- [Requirement]: Collect all lines from the listing that include the string "style".

- [Dataset entries]:
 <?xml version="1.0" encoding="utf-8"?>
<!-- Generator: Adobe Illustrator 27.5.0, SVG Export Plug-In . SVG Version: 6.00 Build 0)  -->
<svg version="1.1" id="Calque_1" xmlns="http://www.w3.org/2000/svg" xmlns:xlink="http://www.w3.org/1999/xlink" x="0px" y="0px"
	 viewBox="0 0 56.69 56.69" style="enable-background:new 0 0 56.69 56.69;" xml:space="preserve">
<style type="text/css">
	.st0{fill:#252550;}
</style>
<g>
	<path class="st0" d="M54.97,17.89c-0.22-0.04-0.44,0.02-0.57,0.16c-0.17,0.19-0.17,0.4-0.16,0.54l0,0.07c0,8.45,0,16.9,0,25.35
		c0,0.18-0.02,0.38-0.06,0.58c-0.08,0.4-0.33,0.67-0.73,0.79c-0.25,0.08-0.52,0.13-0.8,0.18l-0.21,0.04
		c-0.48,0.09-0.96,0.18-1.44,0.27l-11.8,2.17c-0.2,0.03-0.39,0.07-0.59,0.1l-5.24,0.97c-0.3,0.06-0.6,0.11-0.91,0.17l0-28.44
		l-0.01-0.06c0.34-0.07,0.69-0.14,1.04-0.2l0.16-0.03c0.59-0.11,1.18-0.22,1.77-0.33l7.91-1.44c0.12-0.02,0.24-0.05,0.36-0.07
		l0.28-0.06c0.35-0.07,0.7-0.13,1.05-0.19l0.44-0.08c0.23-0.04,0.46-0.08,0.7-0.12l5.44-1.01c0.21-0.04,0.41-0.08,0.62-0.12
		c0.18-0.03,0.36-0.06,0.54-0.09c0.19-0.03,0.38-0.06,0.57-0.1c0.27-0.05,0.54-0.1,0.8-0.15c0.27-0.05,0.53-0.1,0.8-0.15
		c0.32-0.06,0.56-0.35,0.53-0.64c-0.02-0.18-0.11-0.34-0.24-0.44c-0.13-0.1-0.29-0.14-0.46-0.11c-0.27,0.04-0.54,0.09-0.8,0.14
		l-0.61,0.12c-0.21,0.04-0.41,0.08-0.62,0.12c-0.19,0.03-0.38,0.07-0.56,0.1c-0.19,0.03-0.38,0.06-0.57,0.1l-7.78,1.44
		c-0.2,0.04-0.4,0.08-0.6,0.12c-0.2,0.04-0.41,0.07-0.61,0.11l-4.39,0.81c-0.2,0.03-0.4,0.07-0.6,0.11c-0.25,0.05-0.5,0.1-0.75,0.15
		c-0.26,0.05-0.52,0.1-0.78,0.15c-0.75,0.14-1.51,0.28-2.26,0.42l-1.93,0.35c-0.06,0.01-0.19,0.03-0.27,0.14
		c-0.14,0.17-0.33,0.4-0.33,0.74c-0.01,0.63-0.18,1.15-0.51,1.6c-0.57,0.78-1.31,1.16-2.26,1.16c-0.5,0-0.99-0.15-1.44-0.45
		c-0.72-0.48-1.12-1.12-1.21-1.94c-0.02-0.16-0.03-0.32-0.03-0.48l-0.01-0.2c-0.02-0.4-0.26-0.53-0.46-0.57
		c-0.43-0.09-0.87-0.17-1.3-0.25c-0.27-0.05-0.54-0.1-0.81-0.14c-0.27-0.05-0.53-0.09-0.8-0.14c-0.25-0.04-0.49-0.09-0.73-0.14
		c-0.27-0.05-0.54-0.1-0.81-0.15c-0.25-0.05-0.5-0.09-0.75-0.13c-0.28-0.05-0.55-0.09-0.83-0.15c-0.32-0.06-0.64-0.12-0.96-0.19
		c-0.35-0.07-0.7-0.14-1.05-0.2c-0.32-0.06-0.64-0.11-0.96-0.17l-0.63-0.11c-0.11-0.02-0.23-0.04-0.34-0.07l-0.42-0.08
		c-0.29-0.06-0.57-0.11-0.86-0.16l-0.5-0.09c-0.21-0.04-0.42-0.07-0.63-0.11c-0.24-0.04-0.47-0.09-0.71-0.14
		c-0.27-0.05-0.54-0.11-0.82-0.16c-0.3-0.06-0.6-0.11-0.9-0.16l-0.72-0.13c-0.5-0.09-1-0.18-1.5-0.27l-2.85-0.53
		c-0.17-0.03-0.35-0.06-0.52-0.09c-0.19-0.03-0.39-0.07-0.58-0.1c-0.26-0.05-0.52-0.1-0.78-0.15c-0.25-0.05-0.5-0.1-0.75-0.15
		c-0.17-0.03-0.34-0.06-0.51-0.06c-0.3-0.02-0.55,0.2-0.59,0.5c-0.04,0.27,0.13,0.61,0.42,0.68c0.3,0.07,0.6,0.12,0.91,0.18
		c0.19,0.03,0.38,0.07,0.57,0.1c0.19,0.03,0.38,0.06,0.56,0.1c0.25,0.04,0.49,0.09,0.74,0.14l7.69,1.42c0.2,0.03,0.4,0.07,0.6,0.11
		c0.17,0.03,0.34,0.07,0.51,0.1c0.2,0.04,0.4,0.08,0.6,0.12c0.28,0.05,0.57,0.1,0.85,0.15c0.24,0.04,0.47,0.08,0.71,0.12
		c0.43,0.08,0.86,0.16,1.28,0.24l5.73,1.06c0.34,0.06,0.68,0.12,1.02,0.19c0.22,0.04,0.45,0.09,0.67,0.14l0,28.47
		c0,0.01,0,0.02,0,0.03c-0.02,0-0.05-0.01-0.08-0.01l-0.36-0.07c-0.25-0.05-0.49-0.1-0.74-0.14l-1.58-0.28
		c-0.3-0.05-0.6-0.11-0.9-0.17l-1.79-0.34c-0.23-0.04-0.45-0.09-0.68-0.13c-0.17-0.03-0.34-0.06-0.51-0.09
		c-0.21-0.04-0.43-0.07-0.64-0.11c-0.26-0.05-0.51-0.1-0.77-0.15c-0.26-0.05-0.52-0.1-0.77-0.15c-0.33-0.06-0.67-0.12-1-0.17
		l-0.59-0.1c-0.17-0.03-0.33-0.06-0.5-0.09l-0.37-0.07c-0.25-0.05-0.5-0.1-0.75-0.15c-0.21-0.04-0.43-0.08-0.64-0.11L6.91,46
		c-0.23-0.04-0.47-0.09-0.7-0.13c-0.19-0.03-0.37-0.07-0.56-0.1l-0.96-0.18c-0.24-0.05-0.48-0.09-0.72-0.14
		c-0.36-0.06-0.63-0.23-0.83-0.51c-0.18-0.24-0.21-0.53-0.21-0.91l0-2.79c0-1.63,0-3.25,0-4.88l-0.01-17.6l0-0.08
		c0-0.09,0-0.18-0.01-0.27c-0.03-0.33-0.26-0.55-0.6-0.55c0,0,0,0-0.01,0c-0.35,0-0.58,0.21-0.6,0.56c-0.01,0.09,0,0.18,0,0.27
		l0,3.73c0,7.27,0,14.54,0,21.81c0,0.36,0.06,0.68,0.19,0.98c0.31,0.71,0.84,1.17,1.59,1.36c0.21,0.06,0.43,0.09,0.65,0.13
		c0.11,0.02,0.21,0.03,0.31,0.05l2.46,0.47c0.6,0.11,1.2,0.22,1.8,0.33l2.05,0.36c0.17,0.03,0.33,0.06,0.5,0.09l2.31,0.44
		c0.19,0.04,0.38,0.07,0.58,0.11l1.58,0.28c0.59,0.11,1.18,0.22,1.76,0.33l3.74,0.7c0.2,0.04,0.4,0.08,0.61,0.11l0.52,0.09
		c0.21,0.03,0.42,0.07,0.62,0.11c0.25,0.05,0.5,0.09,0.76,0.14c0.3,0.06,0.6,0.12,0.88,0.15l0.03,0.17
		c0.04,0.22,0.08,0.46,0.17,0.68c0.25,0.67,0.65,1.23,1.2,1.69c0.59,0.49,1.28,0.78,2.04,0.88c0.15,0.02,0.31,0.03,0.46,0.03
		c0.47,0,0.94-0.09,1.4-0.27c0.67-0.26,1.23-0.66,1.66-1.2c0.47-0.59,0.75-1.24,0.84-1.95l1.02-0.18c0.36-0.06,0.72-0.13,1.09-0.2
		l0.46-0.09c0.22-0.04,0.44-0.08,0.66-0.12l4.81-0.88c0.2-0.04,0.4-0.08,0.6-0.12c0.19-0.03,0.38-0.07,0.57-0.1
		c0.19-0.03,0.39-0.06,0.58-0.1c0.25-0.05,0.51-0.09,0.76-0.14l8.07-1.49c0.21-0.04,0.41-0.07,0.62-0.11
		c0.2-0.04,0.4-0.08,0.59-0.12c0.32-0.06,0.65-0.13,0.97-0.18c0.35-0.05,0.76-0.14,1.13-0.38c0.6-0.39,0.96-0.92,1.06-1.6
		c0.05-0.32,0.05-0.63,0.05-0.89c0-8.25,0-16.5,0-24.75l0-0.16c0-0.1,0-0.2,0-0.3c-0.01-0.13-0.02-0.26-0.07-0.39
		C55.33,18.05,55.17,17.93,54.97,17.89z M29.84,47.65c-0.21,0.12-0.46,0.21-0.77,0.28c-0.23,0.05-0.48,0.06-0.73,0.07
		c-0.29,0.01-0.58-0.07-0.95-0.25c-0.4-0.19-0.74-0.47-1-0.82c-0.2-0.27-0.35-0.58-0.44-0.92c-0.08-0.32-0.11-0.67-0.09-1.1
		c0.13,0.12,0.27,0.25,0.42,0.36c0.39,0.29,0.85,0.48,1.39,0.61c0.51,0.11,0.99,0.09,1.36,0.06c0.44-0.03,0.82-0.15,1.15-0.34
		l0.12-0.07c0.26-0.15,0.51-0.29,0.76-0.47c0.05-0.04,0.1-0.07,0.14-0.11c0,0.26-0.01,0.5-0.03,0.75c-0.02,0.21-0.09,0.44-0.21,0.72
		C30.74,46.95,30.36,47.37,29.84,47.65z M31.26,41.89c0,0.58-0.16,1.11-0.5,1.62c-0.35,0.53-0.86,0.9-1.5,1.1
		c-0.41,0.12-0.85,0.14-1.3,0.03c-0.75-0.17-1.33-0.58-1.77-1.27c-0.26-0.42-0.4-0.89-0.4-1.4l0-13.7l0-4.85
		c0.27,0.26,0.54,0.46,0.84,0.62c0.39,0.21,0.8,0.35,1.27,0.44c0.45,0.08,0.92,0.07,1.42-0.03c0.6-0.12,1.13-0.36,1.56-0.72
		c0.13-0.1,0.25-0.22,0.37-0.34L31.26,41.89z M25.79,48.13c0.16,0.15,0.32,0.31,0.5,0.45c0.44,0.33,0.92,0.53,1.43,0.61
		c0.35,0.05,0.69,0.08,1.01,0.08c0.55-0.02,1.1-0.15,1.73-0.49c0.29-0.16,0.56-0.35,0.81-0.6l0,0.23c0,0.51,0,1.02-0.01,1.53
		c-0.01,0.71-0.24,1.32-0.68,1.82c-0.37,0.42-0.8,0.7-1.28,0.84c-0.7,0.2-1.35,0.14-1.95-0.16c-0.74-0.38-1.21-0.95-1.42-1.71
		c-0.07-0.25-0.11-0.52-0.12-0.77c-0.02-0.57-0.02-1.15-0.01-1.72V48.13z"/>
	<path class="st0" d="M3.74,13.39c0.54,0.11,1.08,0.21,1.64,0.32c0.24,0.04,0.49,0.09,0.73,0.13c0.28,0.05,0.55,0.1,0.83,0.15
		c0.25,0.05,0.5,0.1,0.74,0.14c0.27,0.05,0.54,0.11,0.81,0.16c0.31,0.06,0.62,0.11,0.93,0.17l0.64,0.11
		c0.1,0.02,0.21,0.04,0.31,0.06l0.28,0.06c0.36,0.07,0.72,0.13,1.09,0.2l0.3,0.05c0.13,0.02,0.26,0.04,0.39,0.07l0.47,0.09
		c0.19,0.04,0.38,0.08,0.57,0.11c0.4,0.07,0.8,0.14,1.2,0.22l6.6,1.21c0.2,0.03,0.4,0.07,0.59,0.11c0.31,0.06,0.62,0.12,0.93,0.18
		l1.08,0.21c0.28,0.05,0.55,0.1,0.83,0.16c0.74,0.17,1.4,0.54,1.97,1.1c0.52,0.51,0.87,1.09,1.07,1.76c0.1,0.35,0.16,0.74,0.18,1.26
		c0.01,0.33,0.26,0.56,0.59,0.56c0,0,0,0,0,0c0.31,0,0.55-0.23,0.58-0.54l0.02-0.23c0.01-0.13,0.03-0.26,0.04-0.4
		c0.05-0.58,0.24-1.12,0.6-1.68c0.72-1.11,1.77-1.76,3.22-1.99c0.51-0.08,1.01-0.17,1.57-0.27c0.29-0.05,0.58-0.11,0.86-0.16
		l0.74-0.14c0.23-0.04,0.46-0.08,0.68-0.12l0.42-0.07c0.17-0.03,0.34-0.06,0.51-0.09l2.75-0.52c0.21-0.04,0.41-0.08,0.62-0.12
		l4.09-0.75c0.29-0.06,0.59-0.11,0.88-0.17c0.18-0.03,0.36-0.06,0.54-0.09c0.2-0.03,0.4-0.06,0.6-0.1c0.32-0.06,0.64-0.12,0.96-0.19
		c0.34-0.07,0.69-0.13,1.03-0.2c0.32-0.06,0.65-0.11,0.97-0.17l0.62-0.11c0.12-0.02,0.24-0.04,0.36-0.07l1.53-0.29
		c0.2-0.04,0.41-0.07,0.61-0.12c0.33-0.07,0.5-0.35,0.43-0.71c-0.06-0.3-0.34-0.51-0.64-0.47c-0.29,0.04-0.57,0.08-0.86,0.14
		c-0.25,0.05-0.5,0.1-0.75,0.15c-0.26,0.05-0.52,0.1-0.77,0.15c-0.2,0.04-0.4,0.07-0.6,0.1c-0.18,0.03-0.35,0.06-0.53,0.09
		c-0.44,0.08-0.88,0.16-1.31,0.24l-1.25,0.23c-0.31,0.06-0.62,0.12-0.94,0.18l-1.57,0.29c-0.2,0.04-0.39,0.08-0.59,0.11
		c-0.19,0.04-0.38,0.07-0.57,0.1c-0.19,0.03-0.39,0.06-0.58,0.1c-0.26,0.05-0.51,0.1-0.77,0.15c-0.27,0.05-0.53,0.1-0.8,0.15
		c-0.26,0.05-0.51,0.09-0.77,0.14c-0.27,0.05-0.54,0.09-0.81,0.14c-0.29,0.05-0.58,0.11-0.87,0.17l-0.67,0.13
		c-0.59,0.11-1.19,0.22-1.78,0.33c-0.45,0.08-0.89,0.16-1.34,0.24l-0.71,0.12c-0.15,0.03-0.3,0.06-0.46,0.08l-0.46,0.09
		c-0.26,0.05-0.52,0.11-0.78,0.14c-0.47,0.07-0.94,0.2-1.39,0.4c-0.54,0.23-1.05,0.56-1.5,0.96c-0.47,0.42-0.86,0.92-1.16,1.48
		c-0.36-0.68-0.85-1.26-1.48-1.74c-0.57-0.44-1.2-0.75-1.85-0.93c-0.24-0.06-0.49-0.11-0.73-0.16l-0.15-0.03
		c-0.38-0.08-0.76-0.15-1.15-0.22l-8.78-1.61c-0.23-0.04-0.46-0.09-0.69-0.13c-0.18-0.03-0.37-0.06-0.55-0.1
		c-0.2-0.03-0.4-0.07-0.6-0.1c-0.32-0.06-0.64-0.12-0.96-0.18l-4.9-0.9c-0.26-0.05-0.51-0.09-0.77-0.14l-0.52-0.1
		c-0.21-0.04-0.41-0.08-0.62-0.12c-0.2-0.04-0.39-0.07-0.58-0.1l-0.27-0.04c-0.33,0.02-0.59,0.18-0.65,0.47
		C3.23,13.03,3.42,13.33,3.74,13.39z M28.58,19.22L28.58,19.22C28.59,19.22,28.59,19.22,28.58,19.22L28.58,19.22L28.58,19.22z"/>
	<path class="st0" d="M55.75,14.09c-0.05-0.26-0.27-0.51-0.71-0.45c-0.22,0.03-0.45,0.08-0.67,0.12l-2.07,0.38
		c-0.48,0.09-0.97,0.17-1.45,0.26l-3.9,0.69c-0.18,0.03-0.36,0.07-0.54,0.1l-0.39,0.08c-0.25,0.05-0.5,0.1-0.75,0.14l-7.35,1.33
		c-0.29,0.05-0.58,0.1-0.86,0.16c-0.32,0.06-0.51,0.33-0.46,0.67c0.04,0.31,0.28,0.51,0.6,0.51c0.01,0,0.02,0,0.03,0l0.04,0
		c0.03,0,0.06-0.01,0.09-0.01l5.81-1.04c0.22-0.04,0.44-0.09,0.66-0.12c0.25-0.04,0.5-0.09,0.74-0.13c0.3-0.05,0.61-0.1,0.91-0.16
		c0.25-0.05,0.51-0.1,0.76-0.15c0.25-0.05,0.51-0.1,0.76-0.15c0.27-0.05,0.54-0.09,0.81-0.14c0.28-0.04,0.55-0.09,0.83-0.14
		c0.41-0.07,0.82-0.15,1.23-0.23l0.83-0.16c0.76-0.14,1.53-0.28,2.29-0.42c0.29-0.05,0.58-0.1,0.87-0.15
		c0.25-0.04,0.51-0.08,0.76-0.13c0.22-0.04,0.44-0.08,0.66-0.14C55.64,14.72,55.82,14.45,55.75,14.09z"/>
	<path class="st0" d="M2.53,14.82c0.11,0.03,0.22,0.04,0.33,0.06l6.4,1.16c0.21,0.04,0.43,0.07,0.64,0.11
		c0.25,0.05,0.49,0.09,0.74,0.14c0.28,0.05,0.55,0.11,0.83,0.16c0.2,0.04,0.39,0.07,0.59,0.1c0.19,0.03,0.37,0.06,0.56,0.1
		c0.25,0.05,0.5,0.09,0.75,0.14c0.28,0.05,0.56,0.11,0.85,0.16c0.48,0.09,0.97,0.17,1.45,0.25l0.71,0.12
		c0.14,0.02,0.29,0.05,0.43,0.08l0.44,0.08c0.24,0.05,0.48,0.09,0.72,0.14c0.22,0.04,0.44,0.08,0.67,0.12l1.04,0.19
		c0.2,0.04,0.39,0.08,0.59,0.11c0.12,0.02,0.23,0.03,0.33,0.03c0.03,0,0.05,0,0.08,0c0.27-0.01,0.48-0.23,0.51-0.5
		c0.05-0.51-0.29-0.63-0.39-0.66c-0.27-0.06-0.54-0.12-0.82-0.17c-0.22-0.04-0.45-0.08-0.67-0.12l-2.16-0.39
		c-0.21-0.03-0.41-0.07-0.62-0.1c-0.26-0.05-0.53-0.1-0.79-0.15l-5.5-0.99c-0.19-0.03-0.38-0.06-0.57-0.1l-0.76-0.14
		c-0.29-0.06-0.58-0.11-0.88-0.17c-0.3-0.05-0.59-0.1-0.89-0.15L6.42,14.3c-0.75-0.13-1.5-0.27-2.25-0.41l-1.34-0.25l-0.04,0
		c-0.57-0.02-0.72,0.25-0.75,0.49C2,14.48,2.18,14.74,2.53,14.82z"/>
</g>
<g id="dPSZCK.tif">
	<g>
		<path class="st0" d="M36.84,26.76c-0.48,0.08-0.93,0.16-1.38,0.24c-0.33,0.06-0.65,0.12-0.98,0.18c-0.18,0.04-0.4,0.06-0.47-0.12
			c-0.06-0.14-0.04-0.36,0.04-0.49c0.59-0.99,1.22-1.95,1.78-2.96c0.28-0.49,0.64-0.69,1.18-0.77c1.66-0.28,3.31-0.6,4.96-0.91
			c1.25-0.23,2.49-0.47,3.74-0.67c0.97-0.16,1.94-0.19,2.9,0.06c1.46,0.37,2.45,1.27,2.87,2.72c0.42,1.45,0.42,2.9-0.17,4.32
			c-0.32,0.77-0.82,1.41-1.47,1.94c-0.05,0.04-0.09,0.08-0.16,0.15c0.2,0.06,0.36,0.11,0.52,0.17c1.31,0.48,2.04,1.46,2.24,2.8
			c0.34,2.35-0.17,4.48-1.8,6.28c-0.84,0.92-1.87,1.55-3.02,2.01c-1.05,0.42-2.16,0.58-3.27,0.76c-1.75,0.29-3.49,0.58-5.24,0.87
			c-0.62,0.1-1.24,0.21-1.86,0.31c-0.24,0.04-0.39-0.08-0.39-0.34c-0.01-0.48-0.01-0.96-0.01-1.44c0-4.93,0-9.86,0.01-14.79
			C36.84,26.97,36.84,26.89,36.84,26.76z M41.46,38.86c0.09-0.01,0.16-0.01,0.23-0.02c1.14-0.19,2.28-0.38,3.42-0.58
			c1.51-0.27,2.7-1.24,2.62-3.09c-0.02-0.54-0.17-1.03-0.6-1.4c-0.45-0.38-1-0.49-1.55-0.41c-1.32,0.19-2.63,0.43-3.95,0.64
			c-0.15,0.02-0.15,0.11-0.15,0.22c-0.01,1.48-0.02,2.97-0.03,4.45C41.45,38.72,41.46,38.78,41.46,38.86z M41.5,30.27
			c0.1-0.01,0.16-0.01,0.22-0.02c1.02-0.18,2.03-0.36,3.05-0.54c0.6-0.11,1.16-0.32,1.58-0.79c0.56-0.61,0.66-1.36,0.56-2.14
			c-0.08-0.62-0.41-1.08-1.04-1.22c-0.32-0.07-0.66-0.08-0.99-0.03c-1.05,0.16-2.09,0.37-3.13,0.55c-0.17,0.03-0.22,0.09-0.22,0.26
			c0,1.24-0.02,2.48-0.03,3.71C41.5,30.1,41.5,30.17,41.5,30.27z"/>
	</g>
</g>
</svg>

- [Exercise solution]:
	 viewBox="0 0 56.69 56.69" style="enable-background:new 0 0 56.69 56.69;" xml:space="preserve">
<style type="text/css">
</style>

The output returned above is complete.